因为她迎面看到的,竟然是牧倾远的脸。
见她睁开眼睛,牧倾远的神色突然一动。
“姜贵人醒了,张太医,你过来看看!”
他站起身,姜妤这才发现,地下还跪着一个人呢!
正是过去给自己看过病的张太医。
张太医如蒙大赦,赶紧从地上起来,走到姜妤的帐前,望闻问切了一番,点点头:“皇上,姜贵人缓过来了,喝了这碗药后,微臣再开副药,调理调理,即可痊愈。”
“行了,你的脑袋算是保住了,下去熬药吧!”
听到牧倾远吩咐,张太医立刻提起药箱,赶紧离开了房间。
姜妤揉揉眼睛,再一看被子里自己的衣裳,是干干净净的素色寝衣。
“兰心给你换过好几次衣裳了。你出了几身汗,衣裳都湿透了。”牧倾远道。
“兰心?她回来了?“
“是,朕让内务府叫她回来了。你病成这样,风铃一个人不够人手。长公主那儿朕也去让内务府去传话了,你不必担心。“
“臣妾病了多久?“
“多久……两天三夜吧!现在是第三个晚上。你这次发烧比上次严重许多。“牧倾远重又坐回到她床边,忽然伸出手去抚摸了下她的额头。
“还好,烧退了。”
姜妤愣了愣,这个牧倾远,他在自己这儿待了多久?
他居然还摸自己的额头。
“来,喝药。“
牧倾远不知从哪个地方端来一碗药,看这架势,似乎是准备喂姜妤喝药。
“不,不,不用了。“姜妤赶紧说道。
“不喝药,病怎么会好?“牧倾远的声音里带着一丝不悦。
姜妤努力解释:“臣妾的意思是,臣妾可以自己喝药,或者让风铃兰心她们进来伺候。”
“姜贵人,你不愿意朕亲手喂你?”牧倾远的脸色突然一沉。
姜妤张了张嘴,不知道该说什么好了。
牧倾远他不是装出来的吧?
还是他也发烧了,烧昏了头?
“算了,朕去叫风铃进来。”牧倾远沉默了下,放下了药碗。
姜妤望着他的背影,有些想叫他回来,可又有些犹豫,就这么一小会的功夫,他就离开了自己的寝室。
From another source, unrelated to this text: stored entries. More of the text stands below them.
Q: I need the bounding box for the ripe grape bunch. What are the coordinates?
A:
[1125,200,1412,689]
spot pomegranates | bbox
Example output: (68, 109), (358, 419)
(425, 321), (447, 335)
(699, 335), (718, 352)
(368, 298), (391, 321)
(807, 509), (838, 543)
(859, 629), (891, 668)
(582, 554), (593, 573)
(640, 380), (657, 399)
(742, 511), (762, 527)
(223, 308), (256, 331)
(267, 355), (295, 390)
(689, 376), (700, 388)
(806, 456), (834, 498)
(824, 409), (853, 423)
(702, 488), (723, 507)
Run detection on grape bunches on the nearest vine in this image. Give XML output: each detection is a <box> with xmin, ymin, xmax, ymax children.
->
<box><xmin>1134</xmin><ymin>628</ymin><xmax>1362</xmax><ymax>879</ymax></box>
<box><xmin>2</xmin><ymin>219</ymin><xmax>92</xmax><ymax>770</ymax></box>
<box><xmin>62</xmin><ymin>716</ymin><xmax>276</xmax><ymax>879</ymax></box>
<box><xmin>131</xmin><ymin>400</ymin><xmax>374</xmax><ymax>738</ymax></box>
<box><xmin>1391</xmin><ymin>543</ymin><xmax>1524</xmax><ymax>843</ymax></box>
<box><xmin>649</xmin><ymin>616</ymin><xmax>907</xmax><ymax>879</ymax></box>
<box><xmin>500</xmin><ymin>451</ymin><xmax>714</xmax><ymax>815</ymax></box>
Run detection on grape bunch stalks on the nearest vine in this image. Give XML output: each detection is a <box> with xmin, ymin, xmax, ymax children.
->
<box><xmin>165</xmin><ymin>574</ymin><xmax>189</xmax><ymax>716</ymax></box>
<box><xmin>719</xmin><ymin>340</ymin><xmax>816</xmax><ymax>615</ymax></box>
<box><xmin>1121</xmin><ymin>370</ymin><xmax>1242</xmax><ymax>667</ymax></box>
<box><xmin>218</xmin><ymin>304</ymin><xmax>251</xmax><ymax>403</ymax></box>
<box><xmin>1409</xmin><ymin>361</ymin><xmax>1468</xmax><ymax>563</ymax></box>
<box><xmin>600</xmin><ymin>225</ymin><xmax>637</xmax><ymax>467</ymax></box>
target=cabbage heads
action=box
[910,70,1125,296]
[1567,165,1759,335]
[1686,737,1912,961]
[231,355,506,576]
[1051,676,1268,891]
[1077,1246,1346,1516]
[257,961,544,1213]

风铃很快就进来,她扶起姜妤,端起药碗,十分欢喜:“娘娘,您终于醒了,奴婢们可急死了。那天是杨贵人把您背回来的,奴婢们去请的张太医。张太医说您这烧比上次厉害多了,必须去禀报皇上。结果皇上这几天,每天下午都来看娘娘,必定待到晚间才回自己宫去。”
“落水的事,你们告诉皇上了吗?”
“福贵和杨贵人说了。”
“那罗贵人现在?”
“宫里已经派人去捞了,捞出来的只有一具尸首。后来内务府还去查了冷宫那边,结果发现冷宫的围墙有一块缺口,罗贵人就是从那儿偷偷走出去的。”
“她为什么过了那么久,突然想到要对我下手呢?“
“这奴婢也不知道,现在伺候她的宫女小环已经被关起来了,等娘娘好了,可以亲自去问问小环。“
姜妤喝完了药,风铃便收拾好碗出去了。
她闭上眼睛,听见风铃去而复返的脚步声,便躺着道:“这药太苦了,有糖吗?”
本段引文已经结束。